• Carregando...
Demanda por moderação
| Foto: Fábio Abreu

Dois fatores ajudam a explicar boa parte do clima de polarização em que o país mergulhou nos últimos anos: a enorme roubalheira promovida pelo PT e exposta pela Lava Jato; e o avanço das redes sociais, dando voz a grupos que ficavam de fora do debate político na grande imprensa. O lavajatismo alimentou bastante a campanha vitoriosa de Bolsonaro, assim como o antipetismo, tendo como base a militância aguerrida das redes sociais. Tudo isso num contexto de depressão econômica causada pelo próprio PT.

A gangue de Lula sempre apostou tudo na retórica tribal, no “nós contra eles”, e quando ficou claro que eles, os petistas, eram os verdadeiros vilões da história, restou como herói o “mito”, aquele que era o oposto de Lula em vários aspectos. Bolsonaro também bebe muito no discurso tribal, e investe na divisão para conquistar. Sua narrativa é igualmente binária, maniqueísta e simplista, o que seduz aqueles revoltados e em busca não só de bodes expiatórios – as “elites” do PT viraram o “establishment” bolsonarista – como também de soluções mágicas e imediatas.

Muitos querem atalhos para a alternativa mais viável, segura e prudente de construir instituições. Nas redes sociais, os extremistas se encontram e se sentem mais encorajados, pois andam em bando e intimidam qualquer crítico mais moderado. A maioria se cala diante desse barulho das minorias organizadas, e o “debate” se torna tóxico, uma espécie de disputa de torcidas organizadas sem muito espaço para independência ou imparcialidade.

Dória aposta no desgaste gradual de Bolsonaro, que vem sendo alvo de inúmeras críticas de liberais e conservadores

Usando como metáfora o mundo musical, podemos dizer que essa fase atual é melhor representada pelo heavy metal. O problema é que esse ambiente cansa, ao menos para aquela maioria silenciosa e moderada.

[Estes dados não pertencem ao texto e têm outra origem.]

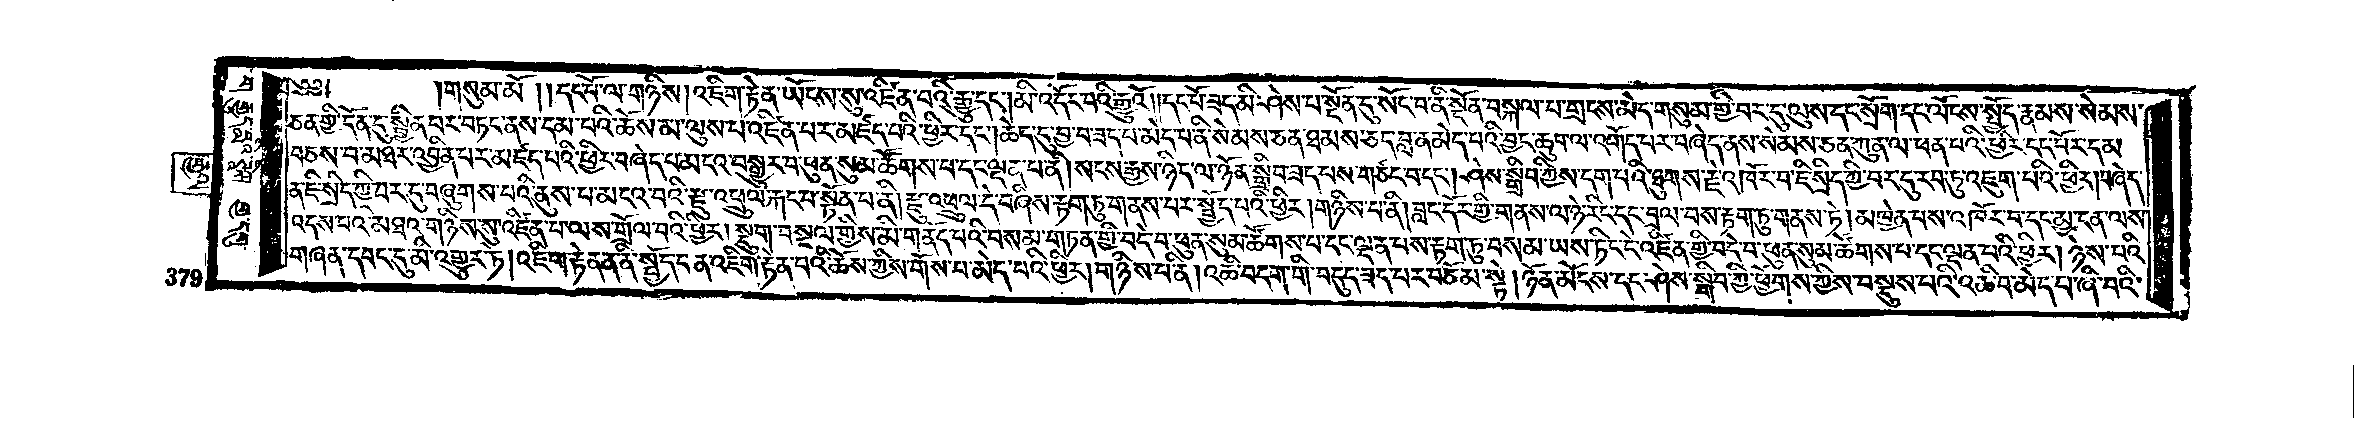༄༅། །གསུམ་མོ། །དང་པོ་ལ་གཉིས། འཇིག་རྟེན་ཡོངས་སུ་འཛིན་པའི་རྒྱུ་དང་། མི་འདོར་བའི་རྒྱུའོ། །དང་པོ་ཟད་མི་ཤེ་པ་སྔོན་དུ་སོང་བ་ནི་སྔོན་བསྐལ་པ་གྲངས་མེད་གསུམ་གྱི་བར་དུ་ལུས་དང་སྲོག་དང་ལོངས་སྤྱོད་རྣམས་སེམས་
ཅན་གྱི་དོན་དུ་སྦྱིན་པར་བཏང་ནས་དམ་པའི་ཆོས་མ་ལུས་པ་འཛིན་པར་མཛད་པའི་ཕྱིར་དང་། ཆེད་དུ་བྱ་བ་ཟད་པ་མེད་པ་ནི་སེམས་ཅན་ཐམས་ཅད་བླ་ན་མེད་པའི་བྱང་ཆུབ་ལ་འགོད་པར་བཞེད་ནས་སེམས་ཅན་ཀུན་ལ་ཕན་པའི་ཕྱིར་དང་པོར་དམ་
བཅས་པ་མཐར་འབྱིན་པར་མཛད་པའི་ཕྱིར་བཞེད་པ་མངའ་བསྒྱུར་བ་ཕུན་སུམ་ཚོགས་པ་དང་ལྡན་པ་ནི། སངས་རྒྱས་ཉིད་ལ་ཉོན་སྒྲིབ་ཟད་པས་གཙང་བ་དང་། ཤེས་སྒྲིབ་ཀྱིས་དག་པའི་ཐུགས་རྗེ་འཁོར་བ་ཇི་སྲིད་ཀྱི་བར་དུ་རབ་ཏུ་འཇུག་པའི་ཕྱིར། བཞེད་
ན་ཇི་སྲིད་ཀྱི་བར་དུ་བཞུགས་པའི་ནུས་པ་མངའ་བའི་རྫུ་འཕྲུལ་རྐང་པ་སྟོན་པ་ནི། རྫུ་འཕྲུལ་དེ་བཞིས་རྟག་ཏུ་གནས་པར་སྤྱོད་པའི་ཕྱིར། གཉིས་པ་ནི། བླང་དོར་གྱི་གནས་ལ་ཉེ་རིང་དང་བྲལ་བས་རྟག་ཏུ་གནས་ཏེ། མཁྱེན་པས་འཁོར་བ་དང་མྱ་ངན་ལས་
འདས་པའི་མཐའ་གཉིས་སུ་འཛིན་པ་ལས་གྲོལ་བའི་ཕྱིར། སྡུག་བསྔལ་གྱིས་མི་གནོད་པའི་བསམ་གཏན་གྱི་བདེ་བ་ཕུན་སུམ་ཚོགས་པ་དང་ལྡན་པས་རྟག་ཏུ་བསམ་ཡས་ཏིང་ངེ་འཛིན་གྱི་བདེ་བ་ཕུན་སུམ་ཚོགས་པ་དང་ལྡན་པའི་ཕྱིར། ཉེས་པའི་
གཞན་དབང་དུ་མི་འགྱུར་ཏེ། འཇིག་རྟེན་ན་ནི་སྤྱོད་པ?་ན་འཇིག་རྟེན་པའི་ཆོས་ཀྱིས་གོས་པ་མེད་པའི་ཕྱིར། གཉིས་པ་ནི། འཆི་བདག་གི་བདུད་ཟད་པར་བཅོམ་སྟེ། ཉོན་མོངས་དང་ཤེས་སྒྲིབ་ཀྱི་ཕྱོགས་ཀྱིས་བསྡུས་པའི་འཆི་བ་མེ་དཔ་བཞི་བའི་

O protagonismo dos mais fanáticos pode dar a entender que eles falam em nome de todos, mas não é verdade. Entre esses extremos há um mundo de gente em busca de mais foco em resultados práticos e também mais tranquilidade e decência. Voltando à analogia musical, essa turma quer bossa nova ou jazz depois de tanto agito e barulho estridente nos ouvidos.

É de olho nesse nicho que o centro político se movimenta. Vários perceberam que é fundamental condenar com mais veemência o petismo e sua herança maldita, pois a pusilanimidade tucana foi fatal nas eleições. Mas, ao mesmo tempo, entendem que é importante se afastar do bolsonarismo, ainda que tentando preservar os acertos do governo. Em outras palavras, querem manter o melhor do governo, cortando os excessos do próprio Bolsonaro e sua militância.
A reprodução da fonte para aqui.